The second issue concerns the proper employee against whom to compare the Claimant for purposes of determining what overtime the Claimant would have worked had he not been wrongfully discharged. The Carrier compared the Claimant to the next junior employee at Hunter Yard in Newark, New Jersey, because that was his headquarters at the time of his dismissal and, upon reinstatement, the Claimant exercised seniority to Hunter Yard. The Organization maintains, however, that the Carrier should have compared the Claimant to three other employees: the next junior employee atAdams Maintenance of Way Base in Newark, New Jersey; the next junior employee at Penn Station, New York; and the next junior employee at Sunnyside Yard. The Organization contends that throughout his history the Claimant worked at various locations within his seniority district.
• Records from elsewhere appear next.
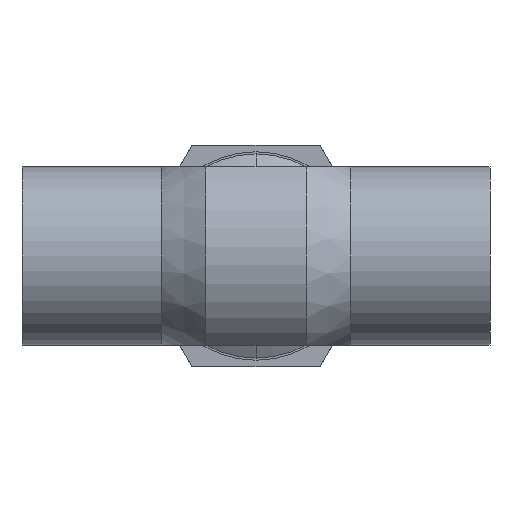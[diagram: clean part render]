
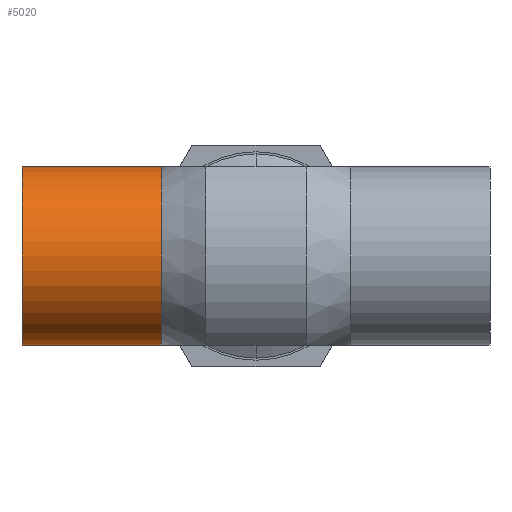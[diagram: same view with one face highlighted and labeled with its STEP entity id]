
A CAD part, front view. The second image highlights one B-rep face of the part: STEP entity #5020.
In plain terms, the highlighted cylindrical face has radius 8 mm (diameter 16 mm), a partial arc.
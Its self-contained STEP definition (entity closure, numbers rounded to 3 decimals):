
#3898 = VERTEX_POINT('',#3899);
#3899 = CARTESIAN_POINT('',(2483.946,2348.214,-8.));
#3906 = EDGE_CURVE('',#3898,#3907,#3909,.T.);
#3907 = VERTEX_POINT('',#3908);
#3908 = CARTESIAN_POINT('',(2471.446,2348.214,-8.));
#3909 = LINE('',#3910,#3911);
#3910 = CARTESIAN_POINT('',(2467.252,2348.214,-8.));
#3911 = VECTOR('',#3912,1.);
#3912 = DIRECTION('',(-1.,-0.,-0.));
#3915 = VERTEX_POINT('',#3916);
#3916 = CARTESIAN_POINT('',(2471.446,2348.214,8.));
#3923 = EDGE_CURVE('',#3924,#3915,#3926,.T.);
#3924 = VERTEX_POINT('',#3925);
#3925 = CARTESIAN_POINT('',(2483.946,2348.214,8.));
#3926 = LINE('',#3927,#3928);
#3927 = CARTESIAN_POINT('',(2467.252,2348.214,8.));
#3928 = VECTOR('',#3929,1.);
#3929 = DIRECTION('',(-1.,-0.,-0.));
#4851 = EDGE_CURVE('',#3898,#3924,#4852,.T.);
#4852 = CIRCLE('',#4853,8.);
#4853 = AXIS2_PLACEMENT_3D('',#4854,#4855,#4856);
#4854 = CARTESIAN_POINT('',(2483.946,2348.214,0.));
#4855 = DIRECTION('',(-1.,0.,-0.));
#4856 = DIRECTION('',(-0.,0.,1.));
#5005 = EDGE_CURVE('',#3907,#3915,#5006,.T.);
#5006 = CIRCLE('',#5007,8.);
#5007 = AXIS2_PLACEMENT_3D('',#5008,#5009,#5010);
#5008 = CARTESIAN_POINT('',(2471.446,2348.214,0.));
#5009 = DIRECTION('',(-1.,0.,-0.));
#5010 = DIRECTION('',(-0.,0.,1.));
#5020 = ADVANCED_FACE('',(#5021),#5027,.T.);
#5021 = FACE_BOUND('',#5022,.T.);
#5022 = EDGE_LOOP('',(#5023,#5024,#5025,#5026));
#5023 = ORIENTED_EDGE('',*,*,#3906,.F.);
#5024 = ORIENTED_EDGE('',*,*,#4851,.T.);
#5025 = ORIENTED_EDGE('',*,*,#3923,.T.);
#5026 = ORIENTED_EDGE('',*,*,#5005,.F.);
#5027 = CYLINDRICAL_SURFACE('',#5028,8.);
#5028 = AXIS2_PLACEMENT_3D('',#5029,#5030,#5031);
#5029 = CARTESIAN_POINT('',(2467.252,2348.214,0.));
#5030 = DIRECTION('',(-1.,-0.,-0.));
#5031 = DIRECTION('',(-0.,0.,1.));
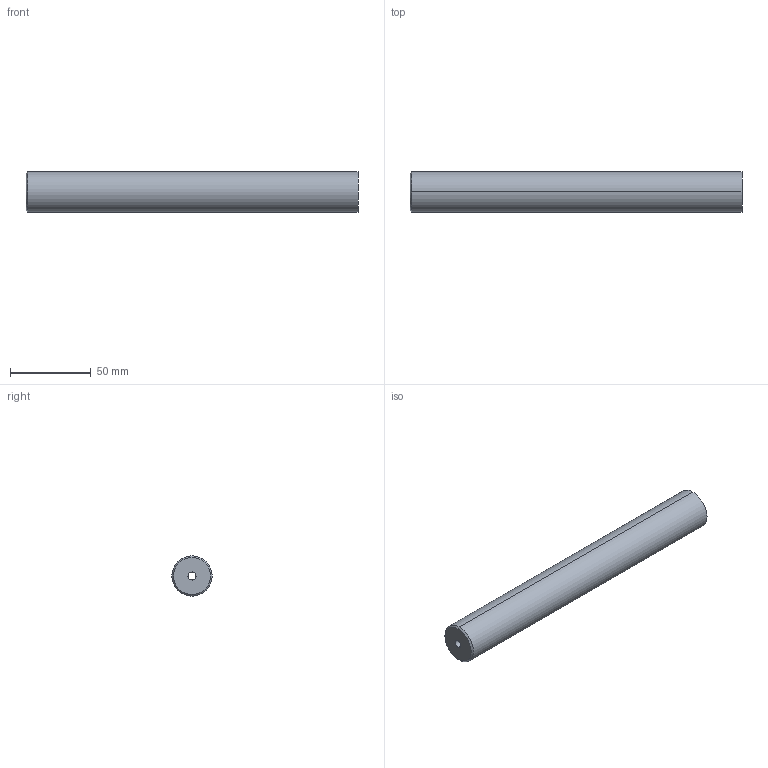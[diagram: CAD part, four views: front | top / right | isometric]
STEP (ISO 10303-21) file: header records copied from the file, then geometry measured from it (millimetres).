
FILE_DESCRIPTION (( 'STEP AP203' ), '1' );
FILE_NAME ('B84.025.012.206.STEP', '2018-02-28T07:53:23', ( 'SWIAdmin' ), ( 'Hewlett-Packard Company' ), 'SwSTEP 2.0', 'SolidWorks 2017', '' );
FILE_SCHEMA (( 'CONFIG_CONTROL_DESIGN' ));
Length unit declared in the file: millimetre
Products named in the file (1): B84.025.012.206
Bounding box: 206 x 25 x 25 mm (x, y, z)
Volume: 95318.4 mm3; surface area: 20725.8 mm2
Topology: 1 solids, 1 shells, 22 faces, 44 edges, 26 vertices
Faces by surface type: cylinder 10, cone 8, plane 4
Entity records: 655 total; most frequent: DIRECTION 116, CARTESIAN_POINT 93, ORIENTED_EDGE 88, AXIS2_PLACEMENT_3D 49, EDGE_CURVE 44, EDGE_LOOP 26, VERTEX_POINT 26, CIRCLE 26
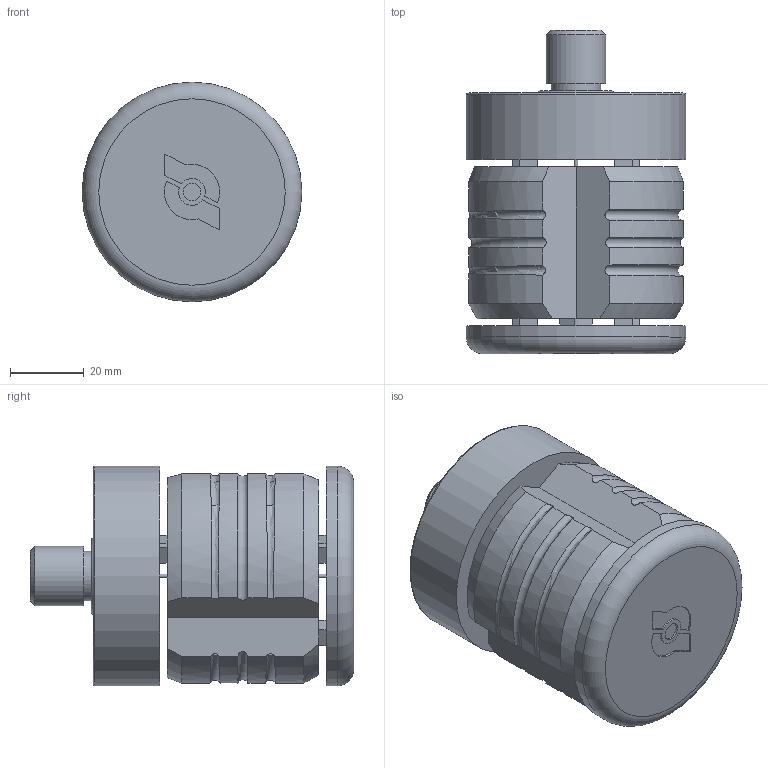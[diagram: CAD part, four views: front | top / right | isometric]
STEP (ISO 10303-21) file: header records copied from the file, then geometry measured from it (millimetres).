
FILE_DESCRIPTION( ( 'STEP AP214' ), '1' );
FILE_NAME( 'SCHUNK-0398960 LOG 60.0-M16X1-M5.stp', '2020-09-03T14:31:50', ( 'License CC BY-ND 4.0' ), ( 'CADENAS' ), ' ', 'PARTsolutions', ' ' );
FILE_SCHEMA( ( 'AUTOMOTIVE_DESIGN { 1 0 10303 214 1 1 1 1 }' ) );
Length unit declared in the file: millimetre
Products named in the file (3): SCHUNK-0398960 LOG 60.0-M16X1-M5; _SCHUNK-5521567 Gehaeuse LOG 60; _SCHUNK-9957943 Gewindeeinsatz M5
Assembly tree (2 placements, depth 2):
  SCHUNK-0398960 LOG 60.0-M16X1-M5
    _SCHUNK-5521567 Gehaeuse LOG 60
    _SCHUNK-9957943 Gewindeeinsatz M5
Bounding box: 59.4 x 87.5 x 59.4 mm (x, y, z)
Volume: 172125.4 mm3; surface area: 29502.7 mm2
Topology: 2 solids, 2 shells, 128 faces, 329 edges, 217 vertices
Faces by surface type: plane 72, cylinder 32, torus 12, cone 12
Full cylindrical faces by diameter (mm): 1 x2, 4.2 x1, 4.752 x1, 8 x2, 13.4 x1, 16 x1, 59.4 x2
Entity records: 5515 total; most frequent: CARTESIAN_POINT 1440, ORIENTED_EDGE 618, DIRECTION 573, EDGE_CURVE 309, VERTEX_POINT 216, AXIS2_PLACEMENT_3D 199, LINE 175, VECTOR 175

The Organization maintains that the Claimant sought to maximize his overtime opportunities. The three junior employees suggested by the Organization, in its view, better capture the Claimant's real likely loss of overtime than does comparing him to the next junior employee at Hunter Yard.
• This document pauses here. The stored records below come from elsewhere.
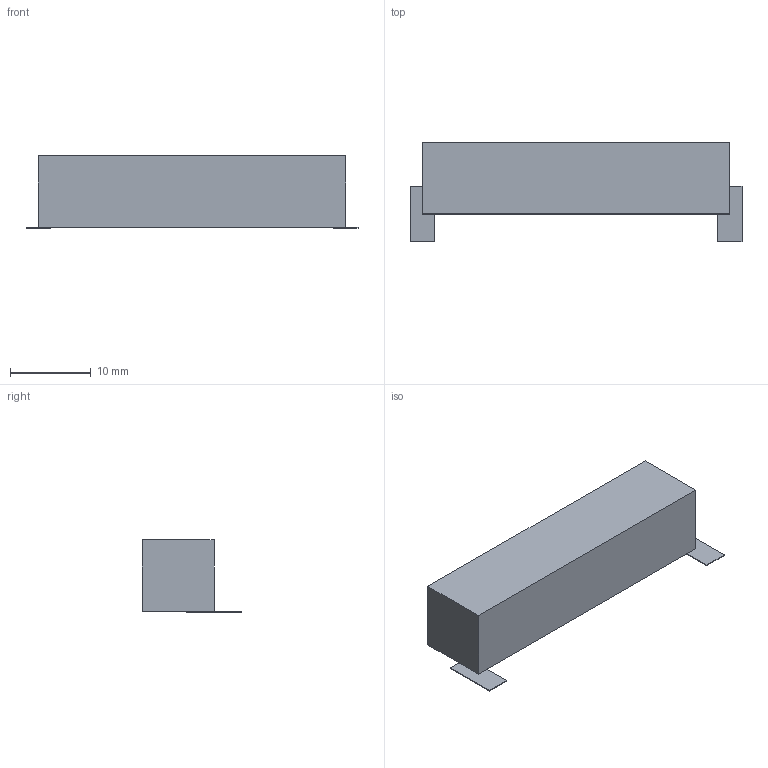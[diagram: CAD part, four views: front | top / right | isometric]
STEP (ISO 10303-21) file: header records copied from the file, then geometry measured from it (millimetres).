
FILE_DESCRIPTION(('FreeCAD Model'),'2;1');
FILE_NAME('1331911.1.1.stp','2020-04-10T03:51:11',( 'Author'),(''),'Open CASCADE STEP processor 6.9','FreeCAD','Unknown' );
FILE_SCHEMA(('AUTOMOTIVE_DESIGN { 1 0 10303 214 1 1 1 1 }'));
Length unit declared in the file: millimetre
Products named in the file (3): ASSEMBLY; Body; Pins
Assembly tree (2 placements, depth 2):
  ASSEMBLY
    Body
    Pins
Bounding box: 41.15 x 12.32 x 8.99 mm (x, y, z)
Volume: 3015.3 mm3; surface area: 1600.5 mm2
Topology: 3 solids, 3 shells, 18 faces, 36 edges, 24 vertices
Faces by surface type: plane 18
Entity records: 1001 total; most frequent: CARTESIAN_POINT 153, DIRECTION 150, LINE 108, VECTOR 108, ORIENTED_EDGE 72, PCURVE 72, DEFINITIONAL_REPRESENTATION 72, EDGE_CURVE 36
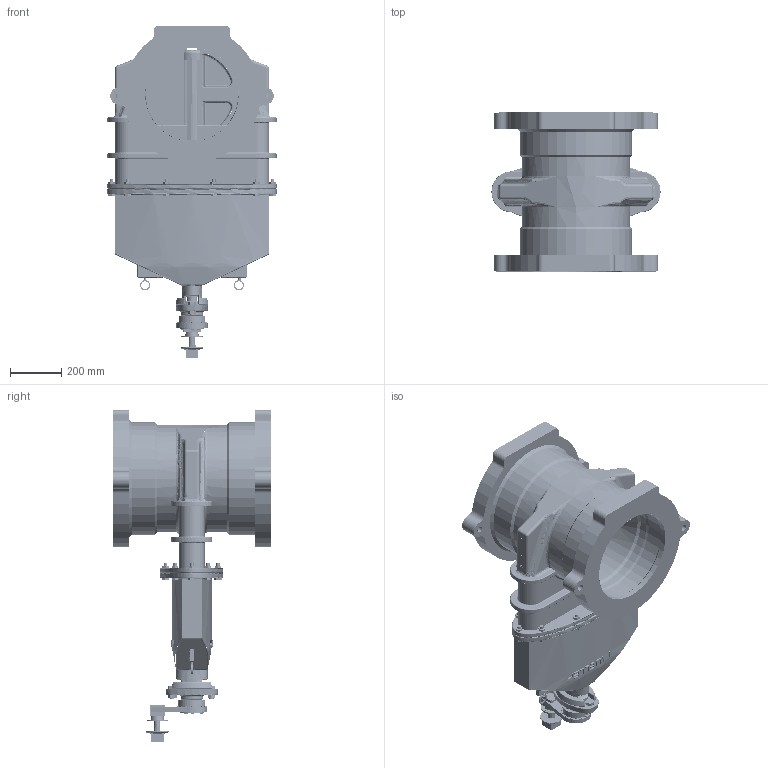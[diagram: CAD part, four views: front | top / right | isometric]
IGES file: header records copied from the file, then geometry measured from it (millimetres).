
Start section: SolidWorks IGES file using analytic representation for surfaces
Global section: file name: A-2361-40_14_N.IGS; native system: SolidWorks 2013; preprocessor: SolidWorks 2013; author: CAD M1; date: 140220.185441; units: millimetre
Bounding box: 660 x 620.51 x 1295.83 mm (x, y, z)
Surface area: 4812870.3 mm2 (no closed solid volume)
Topology: 0 solids, 0 shells, 1821 faces, 31967 edges, 31922 vertices
Faces by surface type: bspline 1107, revolution 714
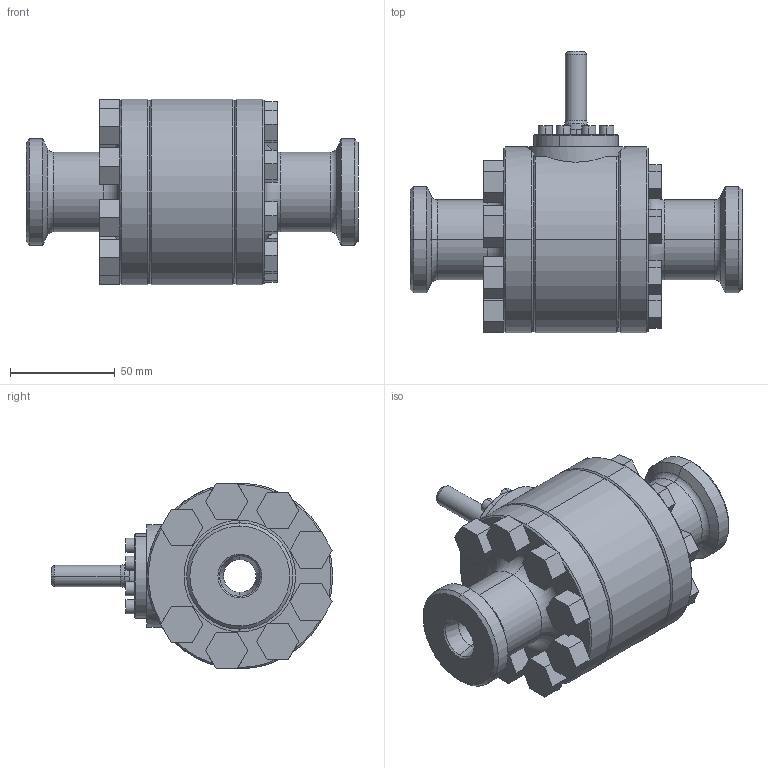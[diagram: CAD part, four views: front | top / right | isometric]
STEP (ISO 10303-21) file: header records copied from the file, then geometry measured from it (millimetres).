
FILE_DESCRIPTION (( 'STEP AP203' ), '1' );
FILE_NAME ('09010000.STEP', '2015-10-15T21:13:38', ( '' ), ( '' ), 'SwSTEP 2.0', 'SolidWorks 2015', '' );
FILE_SCHEMA (( 'CONFIG_CONTROL_DESIGN' ));
Length unit declared in the file: inch
Products named in the file (1): 09010000
Bounding box: 158.75 x 134.62 x 88.9 mm (x, y, z)
Volume: 563156.4 mm3; surface area: 88977.7 mm2
Topology: 1 solids, 9 shells, 341 faces, 876 edges, 556 vertices
Faces by surface type: plane 182, cylinder 97, cone 38, torus 24
Entity records: 10810 total; most frequent: CARTESIAN_POINT 2128, DIRECTION 1896, ORIENTED_EDGE 1752, EDGE_CURVE 876, AXIS2_PLACEMENT_3D 707, VERTEX_POINT 556, LINE 482, VECTOR 482

We are not persuaded by the Organization's argument. We refuse to speculate as to how often and where the Claimant would have moved had he worked during the period that he was dismissed. The one undisputed objective fact apparent from the record is that at the time of his dismissal, the Claimant was headquartered at Hunter Yard and, upon his reinstatement, the Claimant exercised seniority to Hunter Yard. Under these circumstances, the Carrier acted properly in basing overtime on the record of the next junior employee headquartered at Hunter Yard.

Page 3 Serial No. 384
Interpretation No. 1 to

                                        Award No. 33024 Docket No. MW-34068


The final issue arises because the Carrier reduced the Claimant's backpay compensation by 19 percent. According to the Carrier, the reduction was justified because of the Claimant's absenteeism during the three years prior to his dismissal. The Carrier cites several Awards that allow reductions in compensation based on a claimant's attendance record.


The purpose of an Award of compensation for lost wages is to place the Claimant in the economic position he would have occupied had he not been wrongfully dismissed. Thus, under appropriate circumstances, a claimant's absenteeism record, if left unexplained, can support a conclusion that the backpay award should be reduced to avoid giving the claimant a windfall.


In the instant case, however, during consideration on the property, the Organization asserted that the Claimant's absenteeism was due to a kidney ailment and to carpel tunnel syndrome. The Organization backed this assertion by pointing to the fact that the Carrier never initiated disciplinary action for chronic absenteeism during this period. Finally, the Organization asserted that the Claimant had been treated successfully for these medical conditions prior to his dismissal. Thus, in the Organization's view, consideration of the Claimant's prior attendance record distorts the picture of the earnings he would have had if he had not been dismissed.


The Organization's assertions concerning the Claimant's medical conditions were not disputed during handling on the property. Accepting these assertions as true, which on the record presented we must do, leads inevitably to the conclusion that the Claimant's attendance record for the three years prior to his dismissal cannot serve as a basis for reducing his compensation. Accordingly, we hold that the Carrier acted improperly in reducing the Claimant's backpay by 19 percent.


Referee Martin H. Malin who sat with the Division as a neutral member when Award 33024 was adopted, also participated with the Division in making this Interpretation.


                        NATIONAL RAILROAD ADJUSTMENT BOARD By Order of Third Division


                        Dated at Chicago, Illinois, this 20th day of December, 2000.